Each line from the one containing "A person holds" through the end of the records below must be repeated exactly, and no other line.

(Dataset records)
------------------------------------------------------------
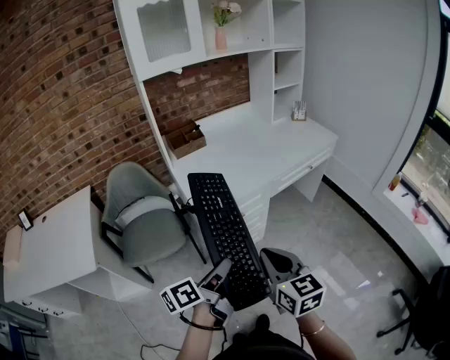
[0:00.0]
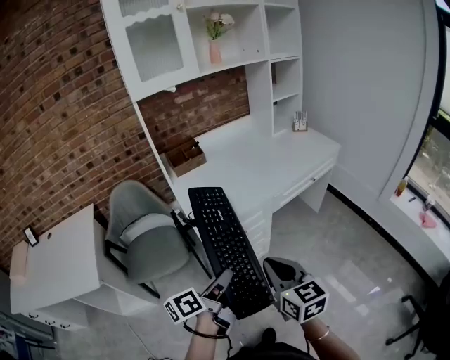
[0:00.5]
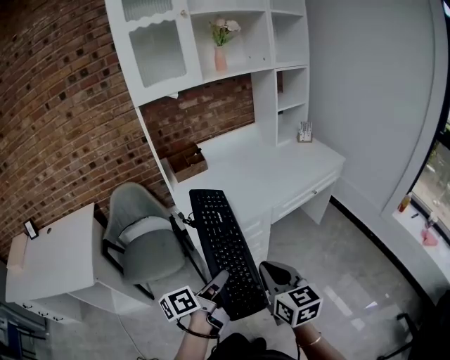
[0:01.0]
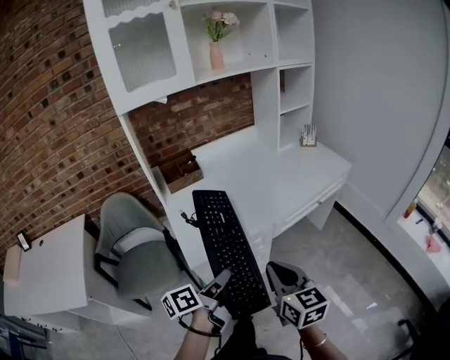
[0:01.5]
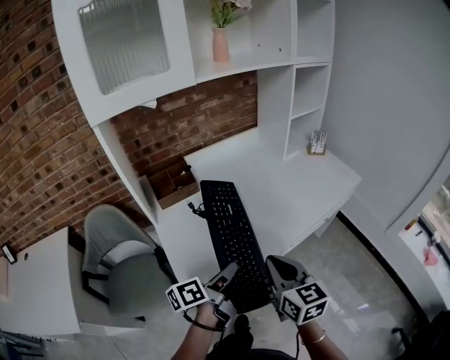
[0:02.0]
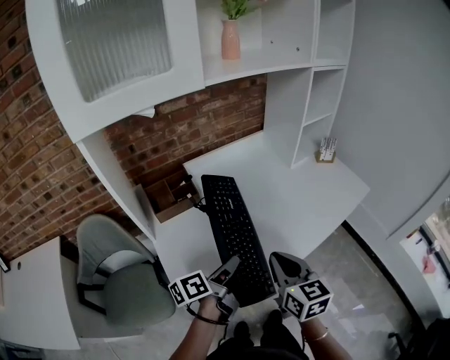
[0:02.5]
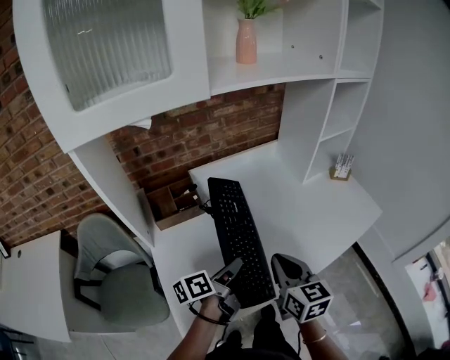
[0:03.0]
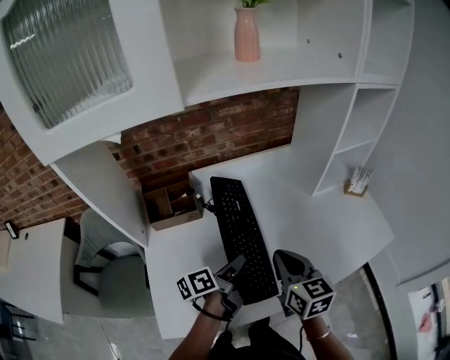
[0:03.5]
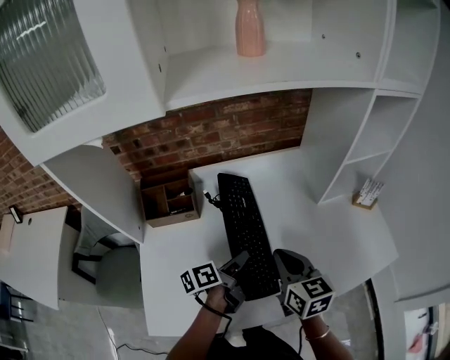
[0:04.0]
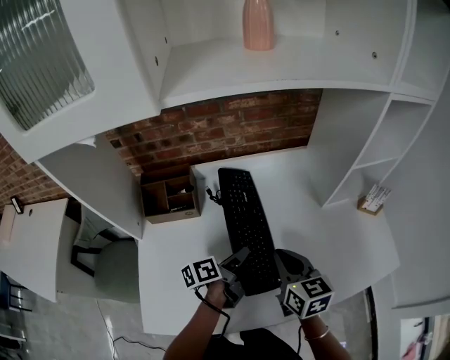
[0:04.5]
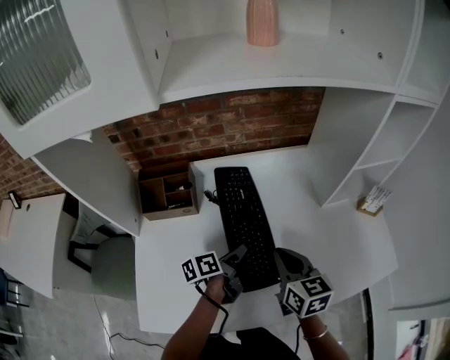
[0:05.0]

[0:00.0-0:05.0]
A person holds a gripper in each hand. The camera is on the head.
0:00.0 to 0:02.5: The two grippers travel together, forward, roughly 50 cm.
0:02.5 to 0:05.0: The right gripper goes about 25 cm forward, and swivels some 20 degrees. The left gripper heads forward and downward, covering some 25 cm.
------------------------------------------------------------
• **Written answer**
A person holds a gripper in each hand. The camera is on the head.
0:00.0 to 0:02.5: The two grippers travel together, forward, roughly 50 cm.
0:02.5 to 0:05.0: The right gripper goes about 25 cm forward, and swivels some 20 degrees. The left gripper heads forward and downward, covering some 25 cm.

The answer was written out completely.